On Thursday, Gooden said he wanted his office to be allocated enough money from the commission to operate for six months of the fiscal year, with the other half funded with property valuation money generated by his office.

With budget cuts for the current year, Gooden said he was "zeroing out" budget lines by October, two months shy of the year's midpoint.

Commission President Ronald K. Collins said the commission was hoping to have open discussions about budget decisions, which he said would not be made "arbitrarily."

"We're going to be fair," Collins told Gooden.

Before presenting their budgets to the commission Friday, Circuit Clerk Virginia M. Sine and Sheriff Kenneth M. "Kenny" Lemaster said they both asked for additional money to give their employees a $1,000 pay increase.

Prosecuting Attorney Pamela Jean Games-Neely said she asked for a 10 percent increase to the bottom line for her budget, but didn't expect it to be granted.

Lemaster said he asked the commission to restore the budget amount for the 2007-08 fiscal year.

"It was a workable budget that got us through the year," Lemaster said.

While he didn't ask for an increase in manpower, Lemaster said he currently has five deputies who still need West Virginia State Police academy training and four vacancies, which combined adds up to about an entire work shift that is missing from responding to regular patrol duties.

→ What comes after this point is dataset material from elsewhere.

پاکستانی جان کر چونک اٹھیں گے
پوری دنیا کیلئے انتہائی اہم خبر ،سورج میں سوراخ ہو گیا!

"I could use additional staff, but I'll be happy to keep who I have," said Lemaster, who noted the continued cost of training new officers because more experienced deputies are leaving for higher pay and better benefits elsewhere.

After consulting with an attorney, Sine said she asked the commission to transfer four data processing staff who are under her supervision already be included in her budget.

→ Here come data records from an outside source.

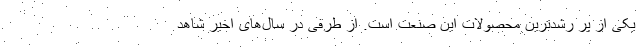
یکی از پر رشدترین محصولات این صنعت است. از طرفی در سال‌های اخیر شاهد
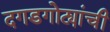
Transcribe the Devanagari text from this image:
दगडगोट्यांची
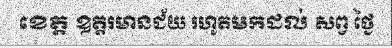
ខេត្ត ឧត្តរមានជ័យ រហូតមកដល់ សព្វ ថ្ងៃ
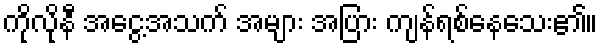
ကိုလိုနီ အငွေ့အသက် အများ အပြား ကျန်ရစ်နေသေး၏။
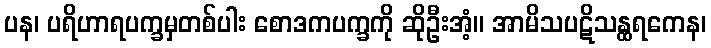
ပန၊ ပရိဟာရပက္ခမှတစ်ပါး စောဒကပက္ခကို ဆိုဦးအံ့။ အာမိသပဋိသန္ထရကေန၊
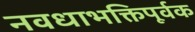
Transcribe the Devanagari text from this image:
नवधाभक्तिपूर्वक
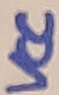
Text: VCC
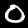
Digit: 0
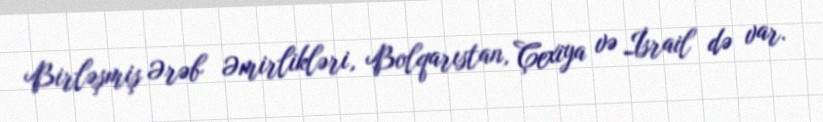
Birləşmiş Ərəb Əmirlikləri, Bolqarıstan, Çexiya və İsrail də var.

"I did the hiring and I did the firing, so they need to be put in my budget," Sine said. "Legally, I don't think they can be paying them out of their budget."

Gooden has said the state constitution doesn't contemplate the commission have as many staff and employees that currently are under their supervision. Gooden said in a recent interview the recording of meeting minutes for the commission, for example, should be done by staff under the county clerk's supervision and legal matters should be supervised by Games-Neely.

Games-Neely in 2007 gave her blessing for the commission to hire legal counsel Norwood Bentley III, and later said she wanted a larger budget than was offered by the commission to fulfill the commission's legal needs.